# 1508 13'2



## 757drummin (Oct 8, 2012)

putting new guides on my 1508 and need sizes.


----------



## ez2cdave (Oct 13, 2008)

757drummin said:


> putting new guides on my 1508 and need sizes.


Spinning or Conventional ?


----------



## 757drummin (Oct 8, 2012)

ez2cdave said:


> Spinning or Conventional ?


Conventional


----------



## Introfiant (Aug 8, 2013)

25-20-16-16-12-12-12-(12tip)


----------



## 757drummin (Oct 8, 2012)

what size tube on the tip?


----------



## JAM (Jul 22, 2002)

757drummin said:


> putting new guides on my 1508 and need sizes.



Unless things have changed dramatically isn't the 150-8 12 foot 6 inches. 150 stands for the inches of the blank.. JAM


----------



## ez2cdave (Oct 13, 2008)

JAM said:


> 150 stands for the inches of the blank.. JAM


A "full-length" 1508 Blank could be up to 13',2" ( 158 " ) . . . 

I had one done up by Mike White at Hatteras Jack's, a few months before he passed away, years ago. 

I sold it to a Forum member recently. It was 13',2", full-length, with Fuji Alconite guides, starting with a 25, then 20, 16, 12, 12, 12, 12, with a 12 ring tip ( I don't remember the Tube Size ).


----------



## dsurf (Aug 5, 2003)

JAM said:


> Unless things have changed dramatically isn't the 150-8 12 foot 6 inches. 150 stands for the inches of the blank.. JAM


I've owned several......all have been 13'2"......School of thought today among some of the top drum fisherman is smaller guides.....some start out with a 16 (LC medium for the height, 12m......)....transition choke guides to size 12 tip....bullseyeing the first three to your choke guides.


----------



## JAM (Jul 22, 2002)

20 is the largest I would go on a Conventional Rod.. 25 is Huge,, I've Choked them all the way down to 10's, especially on the 3 piece Ballistic Blanks... JMHO... JAM

Never built on the RainShadow Blanks...


----------



## ez2cdave (Oct 13, 2008)

JAM said:


> 20 is the largest I would go on a Conventional Rod.. 25 is Huge,, I've Choked them all the way down to 10's, especially on the 3 piece Ballistic Blanks...

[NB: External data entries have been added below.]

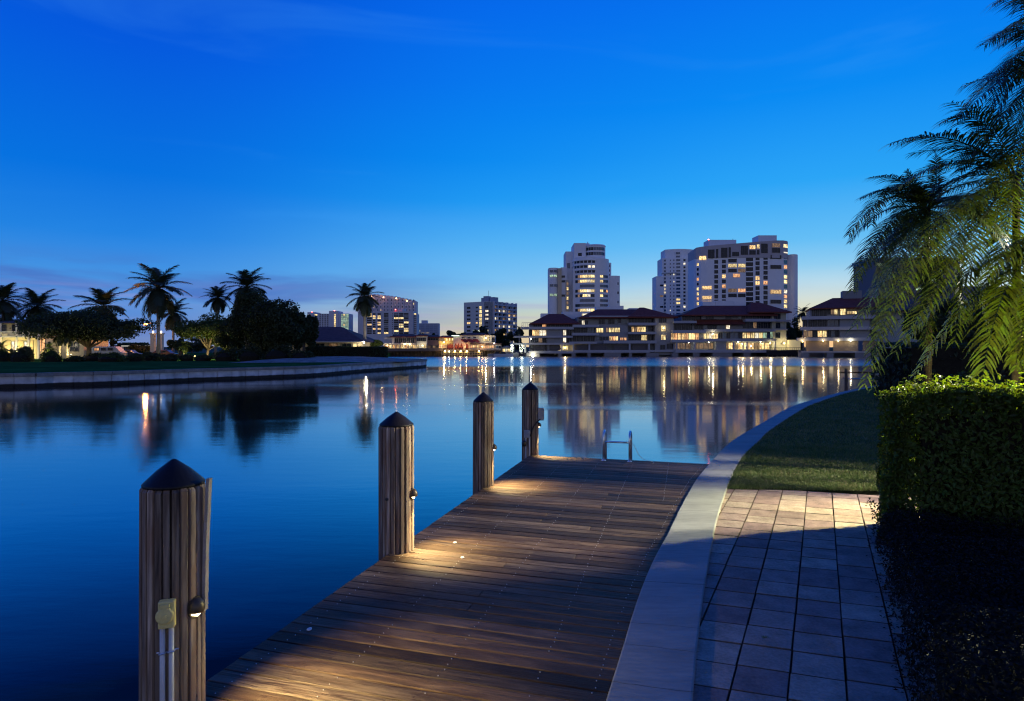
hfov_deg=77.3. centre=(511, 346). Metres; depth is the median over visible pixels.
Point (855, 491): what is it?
lawn
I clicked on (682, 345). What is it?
window
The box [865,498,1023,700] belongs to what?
mulch bed
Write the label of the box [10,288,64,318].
palm tree
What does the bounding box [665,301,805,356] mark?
condominium
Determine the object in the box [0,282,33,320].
palm tree
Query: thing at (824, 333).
window
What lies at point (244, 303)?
broadleaf tree
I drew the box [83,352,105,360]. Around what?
garden shrub
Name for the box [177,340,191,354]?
palm tree
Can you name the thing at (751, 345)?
window
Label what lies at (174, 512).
dock piling
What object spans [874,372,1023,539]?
hedge
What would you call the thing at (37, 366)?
lawn
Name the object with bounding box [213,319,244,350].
broadleaf tree
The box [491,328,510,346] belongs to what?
broadleaf tree
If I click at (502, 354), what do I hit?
motor boat
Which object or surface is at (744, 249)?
window
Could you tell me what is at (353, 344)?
window
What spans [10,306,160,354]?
spreading tree
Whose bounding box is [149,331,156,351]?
gate pillar
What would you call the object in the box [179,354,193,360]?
garden shrub
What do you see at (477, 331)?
broadleaf tree
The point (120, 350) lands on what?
parked van
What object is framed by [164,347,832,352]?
mainland
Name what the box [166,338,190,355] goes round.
broadleaf tree
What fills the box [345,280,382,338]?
palm tree
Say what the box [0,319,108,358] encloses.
waterfront house
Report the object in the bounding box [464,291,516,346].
apartment block
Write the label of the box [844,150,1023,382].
garden palm
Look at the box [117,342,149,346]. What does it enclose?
roof
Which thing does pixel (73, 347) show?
window
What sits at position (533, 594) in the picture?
dock
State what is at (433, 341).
shop building
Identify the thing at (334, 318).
apartment block
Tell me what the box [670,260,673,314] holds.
window
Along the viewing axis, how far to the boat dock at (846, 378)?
39.82 m
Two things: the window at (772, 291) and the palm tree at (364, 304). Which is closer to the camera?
the palm tree at (364, 304)
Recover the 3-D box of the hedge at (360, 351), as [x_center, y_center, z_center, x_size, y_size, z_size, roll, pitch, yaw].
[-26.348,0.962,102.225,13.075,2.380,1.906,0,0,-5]
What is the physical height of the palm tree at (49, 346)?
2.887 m
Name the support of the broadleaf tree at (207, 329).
on the lawn at (37, 366)
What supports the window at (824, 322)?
in the condominium at (825, 322)
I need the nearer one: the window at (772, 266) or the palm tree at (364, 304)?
the palm tree at (364, 304)
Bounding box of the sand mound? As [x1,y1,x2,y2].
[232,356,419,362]
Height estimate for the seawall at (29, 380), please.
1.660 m
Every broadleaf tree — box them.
[109,340,120,346]
[126,344,149,352]
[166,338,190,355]
[166,338,212,352]
[172,312,223,354]
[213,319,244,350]
[223,290,266,347]
[246,297,304,351]
[291,311,318,351]
[370,340,383,345]
[446,330,455,335]
[473,326,488,334]
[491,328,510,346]
[506,329,523,351]
[786,317,804,349]
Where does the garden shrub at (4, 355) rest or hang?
on the lawn at (37, 366)
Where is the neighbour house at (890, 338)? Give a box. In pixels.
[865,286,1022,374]
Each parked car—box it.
[125,350,142,355]
[152,350,178,354]
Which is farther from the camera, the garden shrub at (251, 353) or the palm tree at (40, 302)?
the palm tree at (40, 302)
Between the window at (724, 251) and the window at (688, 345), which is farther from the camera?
the window at (724, 251)
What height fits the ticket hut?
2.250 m
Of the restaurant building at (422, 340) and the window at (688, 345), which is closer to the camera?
the window at (688, 345)
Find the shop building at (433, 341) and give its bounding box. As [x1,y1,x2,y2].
[428,335,438,347]
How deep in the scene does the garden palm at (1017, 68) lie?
9.57 m
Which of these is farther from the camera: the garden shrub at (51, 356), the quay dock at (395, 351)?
the quay dock at (395, 351)
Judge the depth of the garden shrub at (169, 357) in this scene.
87.44 m
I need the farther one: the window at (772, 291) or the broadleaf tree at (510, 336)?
the window at (772, 291)
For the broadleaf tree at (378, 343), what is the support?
on the lawn at (37, 366)
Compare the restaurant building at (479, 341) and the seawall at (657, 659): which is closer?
the seawall at (657, 659)
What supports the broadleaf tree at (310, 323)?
on the lawn at (37, 366)
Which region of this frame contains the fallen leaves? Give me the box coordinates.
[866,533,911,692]
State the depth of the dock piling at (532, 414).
11.75 m
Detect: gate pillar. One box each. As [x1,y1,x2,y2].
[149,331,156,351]
[160,331,164,349]
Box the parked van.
[91,347,127,355]
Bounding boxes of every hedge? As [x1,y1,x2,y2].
[305,345,387,357]
[869,340,1023,399]
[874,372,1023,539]
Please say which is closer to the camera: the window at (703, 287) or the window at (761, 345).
the window at (761, 345)
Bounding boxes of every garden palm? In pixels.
[844,100,1023,392]
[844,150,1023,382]
[902,233,1023,382]
[945,0,1023,241]
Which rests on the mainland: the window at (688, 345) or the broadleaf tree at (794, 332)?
the broadleaf tree at (794, 332)
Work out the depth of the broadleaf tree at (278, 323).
88.17 m
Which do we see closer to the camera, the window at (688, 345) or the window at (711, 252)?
the window at (688, 345)
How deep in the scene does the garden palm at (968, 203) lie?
9.04 m
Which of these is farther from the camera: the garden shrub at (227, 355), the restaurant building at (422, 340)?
the restaurant building at (422, 340)
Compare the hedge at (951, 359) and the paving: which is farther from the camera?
the hedge at (951, 359)
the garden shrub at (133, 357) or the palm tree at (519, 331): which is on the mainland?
the palm tree at (519, 331)
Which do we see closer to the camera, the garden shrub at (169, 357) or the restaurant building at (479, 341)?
the garden shrub at (169, 357)
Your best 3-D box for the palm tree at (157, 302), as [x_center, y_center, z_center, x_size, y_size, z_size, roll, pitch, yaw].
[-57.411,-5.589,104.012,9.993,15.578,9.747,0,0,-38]
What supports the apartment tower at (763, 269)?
on the mainland
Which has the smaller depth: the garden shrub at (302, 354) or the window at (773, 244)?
the garden shrub at (302, 354)
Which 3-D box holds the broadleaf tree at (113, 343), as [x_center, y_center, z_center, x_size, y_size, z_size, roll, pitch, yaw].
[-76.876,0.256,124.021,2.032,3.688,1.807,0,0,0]
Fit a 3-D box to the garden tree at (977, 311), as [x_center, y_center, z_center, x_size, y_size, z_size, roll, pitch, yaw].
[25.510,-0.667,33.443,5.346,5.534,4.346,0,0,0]
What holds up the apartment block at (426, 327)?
on the mainland
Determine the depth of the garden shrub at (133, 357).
85.59 m
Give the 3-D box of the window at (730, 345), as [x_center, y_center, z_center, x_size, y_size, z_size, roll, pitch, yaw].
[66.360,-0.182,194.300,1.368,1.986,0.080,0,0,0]
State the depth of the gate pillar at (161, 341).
109.86 m
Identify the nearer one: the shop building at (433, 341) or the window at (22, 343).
the window at (22, 343)
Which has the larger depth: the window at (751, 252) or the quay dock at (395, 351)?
the window at (751, 252)
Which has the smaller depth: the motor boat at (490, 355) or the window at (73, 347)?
the window at (73, 347)
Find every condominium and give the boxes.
[511,306,677,356]
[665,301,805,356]
[796,288,919,357]
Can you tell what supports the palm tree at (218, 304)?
on the lawn at (37, 366)
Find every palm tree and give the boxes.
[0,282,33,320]
[0,340,8,350]
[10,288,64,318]
[42,342,57,351]
[47,330,72,353]
[58,327,78,357]
[67,287,130,319]
[123,263,192,353]
[153,298,191,352]
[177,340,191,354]
[199,285,232,356]
[219,267,272,348]
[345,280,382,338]
[514,325,523,351]
[794,305,807,349]
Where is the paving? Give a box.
[693,489,938,700]
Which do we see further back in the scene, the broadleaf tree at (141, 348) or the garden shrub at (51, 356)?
the broadleaf tree at (141, 348)
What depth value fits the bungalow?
108.78 m
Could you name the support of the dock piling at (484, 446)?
in the water
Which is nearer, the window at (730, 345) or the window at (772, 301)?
the window at (730, 345)
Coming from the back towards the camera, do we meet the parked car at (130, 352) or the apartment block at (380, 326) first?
the apartment block at (380, 326)
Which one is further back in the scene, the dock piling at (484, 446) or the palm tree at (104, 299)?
the palm tree at (104, 299)
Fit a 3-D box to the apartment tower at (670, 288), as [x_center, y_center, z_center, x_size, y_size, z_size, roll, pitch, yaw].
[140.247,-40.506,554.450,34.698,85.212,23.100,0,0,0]
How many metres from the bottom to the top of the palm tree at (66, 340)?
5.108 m
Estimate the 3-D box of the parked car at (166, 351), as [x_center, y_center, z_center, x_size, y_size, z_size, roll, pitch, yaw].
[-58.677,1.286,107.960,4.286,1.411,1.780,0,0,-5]
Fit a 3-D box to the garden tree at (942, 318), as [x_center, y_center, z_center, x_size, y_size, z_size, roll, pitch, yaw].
[19.855,-0.111,29.900,4.288,4.421,2.983,0,0,-20]
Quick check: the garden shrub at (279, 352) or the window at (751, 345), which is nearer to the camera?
the garden shrub at (279, 352)
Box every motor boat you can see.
[488,352,506,356]
[494,352,512,356]
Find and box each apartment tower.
[359,294,417,313]
[548,242,619,315]
[652,249,692,314]
[688,235,797,339]
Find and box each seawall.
[0,358,426,387]
[606,385,878,700]
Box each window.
[2,324,5,333]
[7,341,19,349]
[20,341,32,348]
[40,338,45,351]
[70,342,78,350]
[328,343,337,345]
[352,343,361,346]
[661,325,665,331]
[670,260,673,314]
[680,343,684,348]
[686,343,690,348]
[699,343,703,348]
[702,286,711,288]
[702,296,711,298]
[708,249,714,257]
[721,248,727,257]
[728,343,732,348]
[741,246,747,254]
[749,250,755,254]
[749,343,753,348]
[754,343,758,348]
[759,343,763,348]
[761,244,767,252]
[771,265,780,268]
[771,290,780,293]
[771,300,780,303]
[772,243,779,246]
[772,248,779,252]
[803,320,807,326]
[803,331,807,336]
[822,320,826,326]
[822,331,826,336]
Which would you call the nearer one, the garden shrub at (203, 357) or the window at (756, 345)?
the garden shrub at (203, 357)
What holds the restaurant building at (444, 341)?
on the quay dock at (395, 351)
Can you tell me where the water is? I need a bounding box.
[0,356,878,700]
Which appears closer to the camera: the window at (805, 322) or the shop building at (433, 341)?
the window at (805, 322)
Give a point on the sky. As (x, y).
(442, 154)
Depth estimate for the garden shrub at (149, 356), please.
89.36 m
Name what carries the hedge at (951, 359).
on the lawn at (855, 491)
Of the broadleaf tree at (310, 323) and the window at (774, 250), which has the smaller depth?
the broadleaf tree at (310, 323)
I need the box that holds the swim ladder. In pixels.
[601,430,631,461]
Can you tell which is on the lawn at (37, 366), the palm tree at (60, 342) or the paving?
the palm tree at (60, 342)
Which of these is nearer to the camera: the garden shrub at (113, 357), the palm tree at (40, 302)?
the garden shrub at (113, 357)
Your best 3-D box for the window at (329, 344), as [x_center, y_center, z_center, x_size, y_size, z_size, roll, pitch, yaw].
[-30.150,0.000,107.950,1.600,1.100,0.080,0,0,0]
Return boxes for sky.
[0,0,1023,346]
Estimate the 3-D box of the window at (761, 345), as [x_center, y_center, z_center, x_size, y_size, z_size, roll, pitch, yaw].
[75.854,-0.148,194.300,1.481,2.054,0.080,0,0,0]
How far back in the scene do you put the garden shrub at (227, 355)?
87.38 m
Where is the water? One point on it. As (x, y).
(288, 466)
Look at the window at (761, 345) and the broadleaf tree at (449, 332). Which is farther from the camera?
the broadleaf tree at (449, 332)
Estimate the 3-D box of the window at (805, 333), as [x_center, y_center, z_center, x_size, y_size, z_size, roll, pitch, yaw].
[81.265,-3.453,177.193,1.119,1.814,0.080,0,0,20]
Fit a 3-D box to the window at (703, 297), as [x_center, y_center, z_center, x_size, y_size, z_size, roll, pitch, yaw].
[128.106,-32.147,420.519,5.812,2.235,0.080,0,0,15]
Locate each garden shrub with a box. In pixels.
[0,348,14,361]
[8,346,34,361]
[39,350,62,361]
[62,355,85,361]
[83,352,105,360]
[98,352,126,361]
[126,353,145,361]
[142,351,161,360]
[157,353,178,360]
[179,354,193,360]
[194,354,210,360]
[209,346,240,360]
[235,342,266,360]
[261,343,295,359]
[287,350,314,357]
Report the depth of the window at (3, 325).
103.96 m
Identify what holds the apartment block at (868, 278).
on the mainland
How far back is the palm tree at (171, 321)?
111.45 m
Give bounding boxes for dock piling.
[139,459,211,700]
[378,412,417,559]
[473,392,496,494]
[522,382,543,459]
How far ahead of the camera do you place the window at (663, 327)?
193.04 m
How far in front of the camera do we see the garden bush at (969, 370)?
14.76 m
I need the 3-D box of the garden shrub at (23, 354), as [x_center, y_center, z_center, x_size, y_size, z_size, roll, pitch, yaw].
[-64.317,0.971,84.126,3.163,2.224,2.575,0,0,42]
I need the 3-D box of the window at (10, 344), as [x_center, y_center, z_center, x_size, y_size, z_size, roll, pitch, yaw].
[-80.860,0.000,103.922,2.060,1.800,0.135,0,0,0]
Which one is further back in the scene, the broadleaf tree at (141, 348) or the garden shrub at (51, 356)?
the broadleaf tree at (141, 348)
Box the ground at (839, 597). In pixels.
[736,494,916,700]
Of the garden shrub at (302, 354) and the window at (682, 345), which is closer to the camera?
the garden shrub at (302, 354)
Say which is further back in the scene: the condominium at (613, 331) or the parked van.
the condominium at (613, 331)
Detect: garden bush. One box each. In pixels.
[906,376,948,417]
[945,369,1022,409]
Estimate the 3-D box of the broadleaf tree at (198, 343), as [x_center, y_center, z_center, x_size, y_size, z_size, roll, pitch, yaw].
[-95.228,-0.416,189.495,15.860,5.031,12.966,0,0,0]
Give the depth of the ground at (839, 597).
4.98 m
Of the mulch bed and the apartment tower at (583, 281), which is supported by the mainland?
the apartment tower at (583, 281)
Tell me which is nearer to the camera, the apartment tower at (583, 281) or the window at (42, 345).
the window at (42, 345)
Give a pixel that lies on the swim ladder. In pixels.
(605, 441)
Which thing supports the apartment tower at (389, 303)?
on the mainland
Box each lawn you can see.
[0,353,421,376]
[729,389,912,494]
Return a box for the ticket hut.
[501,347,514,353]
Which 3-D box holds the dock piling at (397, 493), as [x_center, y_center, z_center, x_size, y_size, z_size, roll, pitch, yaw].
[-1.140,2.221,6.321,0.355,3.158,0.350,0,0,-28]
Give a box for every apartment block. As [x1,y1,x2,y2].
[307,310,352,330]
[358,309,418,346]
[419,320,439,335]
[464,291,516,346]
[852,257,962,350]
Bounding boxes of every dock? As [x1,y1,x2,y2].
[206,455,708,700]
[388,347,501,355]
[839,369,878,390]
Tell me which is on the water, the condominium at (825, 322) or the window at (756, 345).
the condominium at (825, 322)
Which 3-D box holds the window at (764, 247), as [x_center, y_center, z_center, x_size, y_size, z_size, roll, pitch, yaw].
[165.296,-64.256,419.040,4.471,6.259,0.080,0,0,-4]
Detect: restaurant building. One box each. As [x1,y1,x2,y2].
[383,334,416,347]
[415,334,428,347]
[438,336,452,348]
[451,333,501,348]
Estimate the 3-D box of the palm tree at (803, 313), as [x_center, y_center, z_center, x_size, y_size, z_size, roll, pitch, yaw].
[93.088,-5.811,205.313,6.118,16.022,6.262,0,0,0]
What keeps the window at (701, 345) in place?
in the condominium at (720, 328)
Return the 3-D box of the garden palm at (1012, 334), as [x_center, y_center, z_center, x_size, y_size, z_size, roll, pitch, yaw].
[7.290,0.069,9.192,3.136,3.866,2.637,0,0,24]
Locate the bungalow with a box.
[295,327,374,351]
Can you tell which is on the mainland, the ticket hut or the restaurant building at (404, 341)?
the restaurant building at (404, 341)
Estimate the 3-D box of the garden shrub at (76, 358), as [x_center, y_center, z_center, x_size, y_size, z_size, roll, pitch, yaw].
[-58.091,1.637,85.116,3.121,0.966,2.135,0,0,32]
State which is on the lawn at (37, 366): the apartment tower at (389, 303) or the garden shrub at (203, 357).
the garden shrub at (203, 357)

Back when my 1508 was built, Mike & Ryan explained to me that the 25 sized guide would be better, since I was using a wide-spool "30" reel. If a narrower spool reel were to be used, they would have gone with a 20 instead. 

As for the smallest guide, they suggested not going smaller than a 12 on both the rod guides and the tip. I asked them about that, since I wanted to keep weight down and they were concerned about Shockleader knots having difficulty passing cleanly through, possibly causing break-off's, reel blowups, or possible guide damage.

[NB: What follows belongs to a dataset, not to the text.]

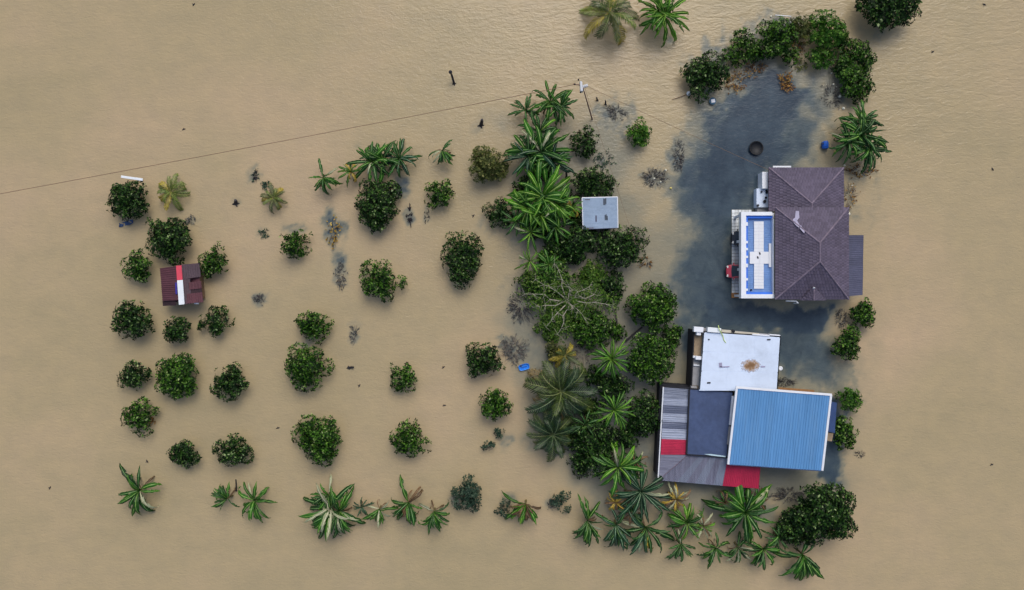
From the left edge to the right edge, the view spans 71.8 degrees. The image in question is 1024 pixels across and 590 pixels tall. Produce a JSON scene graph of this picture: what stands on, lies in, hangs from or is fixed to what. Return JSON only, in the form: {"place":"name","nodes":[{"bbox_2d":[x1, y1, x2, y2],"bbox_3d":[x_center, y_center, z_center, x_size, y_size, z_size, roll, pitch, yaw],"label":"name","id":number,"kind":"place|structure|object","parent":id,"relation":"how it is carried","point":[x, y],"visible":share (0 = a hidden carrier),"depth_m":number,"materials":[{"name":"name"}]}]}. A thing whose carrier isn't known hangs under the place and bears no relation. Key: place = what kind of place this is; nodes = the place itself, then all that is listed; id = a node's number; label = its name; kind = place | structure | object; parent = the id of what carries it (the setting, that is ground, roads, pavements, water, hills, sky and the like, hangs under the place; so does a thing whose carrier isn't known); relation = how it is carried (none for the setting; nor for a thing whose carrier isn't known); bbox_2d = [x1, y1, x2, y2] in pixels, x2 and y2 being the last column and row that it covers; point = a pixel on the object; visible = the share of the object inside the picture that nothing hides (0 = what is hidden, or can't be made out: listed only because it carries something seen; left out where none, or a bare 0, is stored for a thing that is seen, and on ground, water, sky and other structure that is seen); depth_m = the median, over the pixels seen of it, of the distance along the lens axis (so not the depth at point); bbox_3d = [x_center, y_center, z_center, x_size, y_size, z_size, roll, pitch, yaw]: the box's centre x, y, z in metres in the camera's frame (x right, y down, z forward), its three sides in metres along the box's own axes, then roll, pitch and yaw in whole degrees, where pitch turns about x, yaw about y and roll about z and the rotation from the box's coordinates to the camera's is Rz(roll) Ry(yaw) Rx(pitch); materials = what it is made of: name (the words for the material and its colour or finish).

That was over ten years ago and the "theory" may have changed since then, but that's what I was told . . . Tight Lines !


----------



## JAM (Jul 22, 2002)

Then how long is a 1509 ??? 

JAM


----------



## dsurf (Aug 5, 2003)

JAM said:


> Then how long is a 1509 ???
> 
> JAM


The blanks are around 13'2".......of the six or seven I've owned, they ranged from 13'1" to 13'3".

The factory Allstar 1509 rod indicated 12'6" on the label, but most were about 13'2".

The variation was in the butt, not the tip.


----------



## NASCAR (Jul 26, 2013)

The Rainshadow 1509 is accurate to the 12'6", but the only way you got a 12'6" Allstar was if you cut the butt or tip.


----------



## jobxe327 (Aug 7, 2007)

I'll agree on the 20 down to 10's works great I use the titanium for even lighter weight never had problems with shock knot I really believe it takes the knot and strait shot out the top. With a larger guide let's the knot jump around and grab the frame could just be my imagination but it works for me


----------